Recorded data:

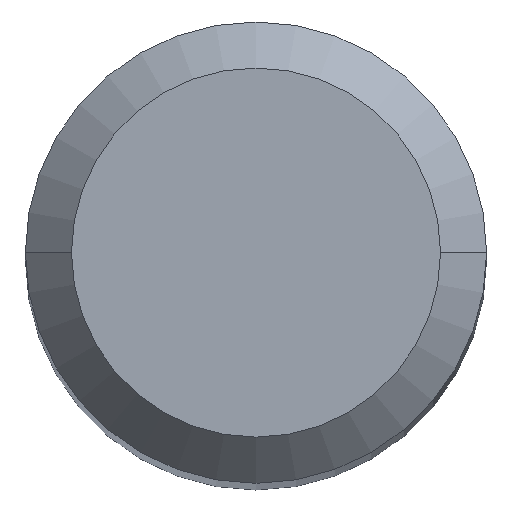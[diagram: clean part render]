
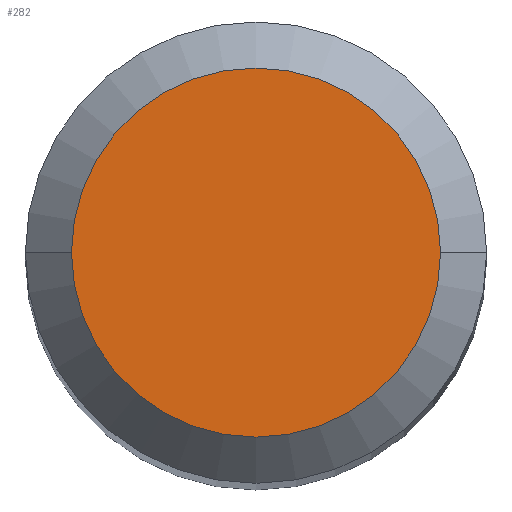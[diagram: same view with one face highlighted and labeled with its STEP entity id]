
A CAD part, top view. The second image highlights one B-rep face of the part: STEP entity #282.
In plain terms, the highlighted planar face has unit normal (0, 0, 1).
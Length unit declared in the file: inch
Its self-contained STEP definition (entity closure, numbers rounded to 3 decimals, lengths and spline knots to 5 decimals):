
#27 = DIRECTION ( 'NONE',  ( 0., 0., -1. ) ) ;
#30 = ORIENTED_EDGE ( 'NONE', *, *, #170, .T. ) ;
#46 = ORIENTED_EDGE ( 'NONE', *, *, #330, .T. ) ;
#69 = PLANE ( 'NONE',  #124 ) ;
#76 = VERTEX_POINT ( 'NONE', #354 ) ;
#124 = AXIS2_PLACEMENT_3D ( 'NONE', #225, #27, #275 ) ;
#136 = CIRCLE ( 'NONE', #279, 0.04724 ) ;
#142 = DIRECTION ( 'NONE',  ( 0., 0., 1. ) ) ;
#154 = CARTESIAN_POINT ( 'NONE',  ( -0.04724, 0., 0. ) ) ;
#170 = EDGE_CURVE ( 'NONE', #76, #360, #136, .T. ) ;
#207 = DIRECTION ( 'NONE',  ( 1., 0., 0. ) ) ;
#225 = CARTESIAN_POINT ( 'NONE',  ( 0., 0., 0. ) ) ;
#242 = EDGE_LOOP ( 'NONE', ( #46, #30 ) ) ;
#250 = DIRECTION ( 'NONE',  ( 0., 0., 1. ) ) ;
#275 = DIRECTION ( 'NONE',  ( -1., 0., 0. ) ) ;
#279 = AXIS2_PLACEMENT_3D ( 'NONE', #477, #250, #207 ) ;
#282 = ADVANCED_FACE ( 'NONE', ( #311 ), #69, .F. ) ;
#307 = DIRECTION ( 'NONE',  ( 1., 0., 0. ) ) ;
#311 = FACE_OUTER_BOUND ( 'NONE', #242, .T. ) ;
#330 = EDGE_CURVE ( 'NONE', #360, #76, #452, .T. ) ;
#345 = CARTESIAN_POINT ( 'NONE',  ( 0., 0., 0. ) ) ;
#354 = CARTESIAN_POINT ( 'NONE',  ( 0.04724, 0., 0. ) ) ;
#360 = VERTEX_POINT ( 'NONE', #154 ) ;
#423 = AXIS2_PLACEMENT_3D ( 'NONE', #345, #142, #307 ) ;
#452 = CIRCLE ( 'NONE', #423, 0.04724 ) ;
#477 = CARTESIAN_POINT ( 'NONE',  ( 0., 0., 0. ) ) ;
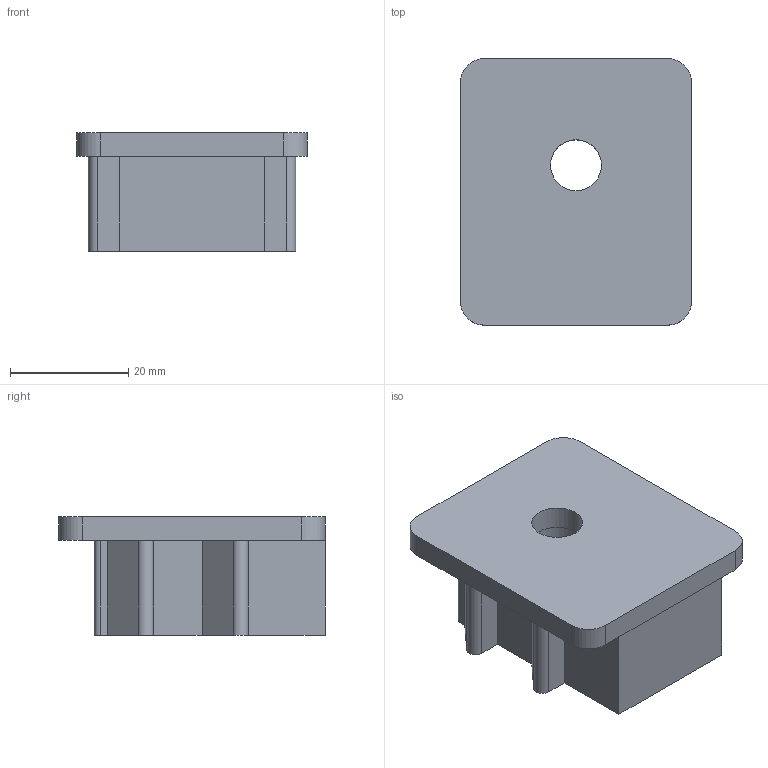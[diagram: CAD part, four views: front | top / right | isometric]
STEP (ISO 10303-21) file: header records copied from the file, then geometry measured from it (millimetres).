
FILE_DESCRIPTION(('FreeCAD Model'),'2;1');
FILE_NAME('Open CASCADE Shape Model','2025-05-18T01:46:06',(''),(''), 'Open CASCADE STEP processor 7.8','FreeCAD','Unknown');
FILE_SCHEMA(('AUTOMOTIVE_DESIGN { 1 0 10303 214 1 1 1 1 }'));
Length unit declared in the file: millimetre
Products named in the file (1): NutLock
Bounding box: 39 x 45 x 20 mm (x, y, z)
Volume: 22711.5 mm3; surface area: 6991.7 mm2
Topology: 1 solids, 1 shells, 35 faces, 96 edges, 63 vertices
Faces by surface type: plane 23, cylinder 12
Full cylindrical faces by diameter (mm): 8.6 x2
Entity records: 1135 total; most frequent: CARTESIAN_POINT 195, ORIENTED_EDGE 192, DIRECTION 191, EDGE_CURVE 96, LINE 73, VECTOR 73, VERTEX_POINT 63, AXIS2_PLACEMENT_3D 59

### What to do
Would you transcribe the lines above exactly, going from the line bearing "#27 = DIRECTION" through the line bearing "[diagram: CAD part, four", and drop the pictures from the copy?

### Result of the exercise
#27 = DIRECTION ( 'NONE',  ( 0., 0., -1. ) ) ;
#30 = ORIENTED_EDGE ( 'NONE', *, *, #170, .T. ) ;
#46 = ORIENTED_EDGE ( 'NONE', *, *, #330, .T. ) ;
#69 = PLANE ( 'NONE',  #124 ) ;
#76 = VERTEX_POINT ( 'NONE', #354 ) ;
#124 = AXIS2_PLACEMENT_3D ( 'NONE', #225, #27, #275 ) ;
#136 = CIRCLE ( 'NONE', #279, 0.04724 ) ;
#142 = DIRECTION ( 'NONE',  ( 0., 0., 1. ) ) ;
#154 = CARTESIAN_POINT ( 'NONE',  ( -0.04724, 0., 0. ) ) ;
#170 = EDGE_CURVE ( 'NONE', #76, #360, #136, .T. ) ;
#207 = DIRECTION ( 'NONE',  ( 1., 0., 0. ) ) ;
#225 = CARTESIAN_POINT ( 'NONE',  ( 0., 0., 0. ) ) ;
#242 = EDGE_LOOP ( 'NONE', ( #46, #30 ) ) ;
#250 = DIRECTION ( 'NONE',  ( 0., 0., 1. ) ) ;
#275 = DIRECTION ( 'NONE',  ( -1., 0., 0. ) ) ;
#279 = AXIS2_PLACEMENT_3D ( 'NONE', #477, #250, #207 ) ;
#282 = ADVANCED_FACE ( 'NONE', ( #311 ), #69, .F. ) ;
#307 = DIRECTION ( 'NONE',  ( 1., 0., 0. ) ) ;
#311 = FACE_OUTER_BOUND ( 'NONE', #242, .T. ) ;
#330 = EDGE_CURVE ( 'NONE', #360, #76, #452, .T. ) ;
#345 = CARTESIAN_POINT ( 'NONE',  ( 0., 0., 0. ) ) ;
#354 = CARTESIAN_POINT ( 'NONE',  ( 0.04724, 0., 0. ) ) ;
#360 = VERTEX_POINT ( 'NONE', #154 ) ;
#423 = AXIS2_PLACEMENT_3D ( 'NONE', #345, #142, #307 ) ;
#452 = CIRCLE ( 'NONE', #423, 0.04724 ) ;
#477 = CARTESIAN_POINT ( 'NONE',  ( 0., 0., 0. ) ) ;
[diagram: CAD part, four views: front | top / right | isometric]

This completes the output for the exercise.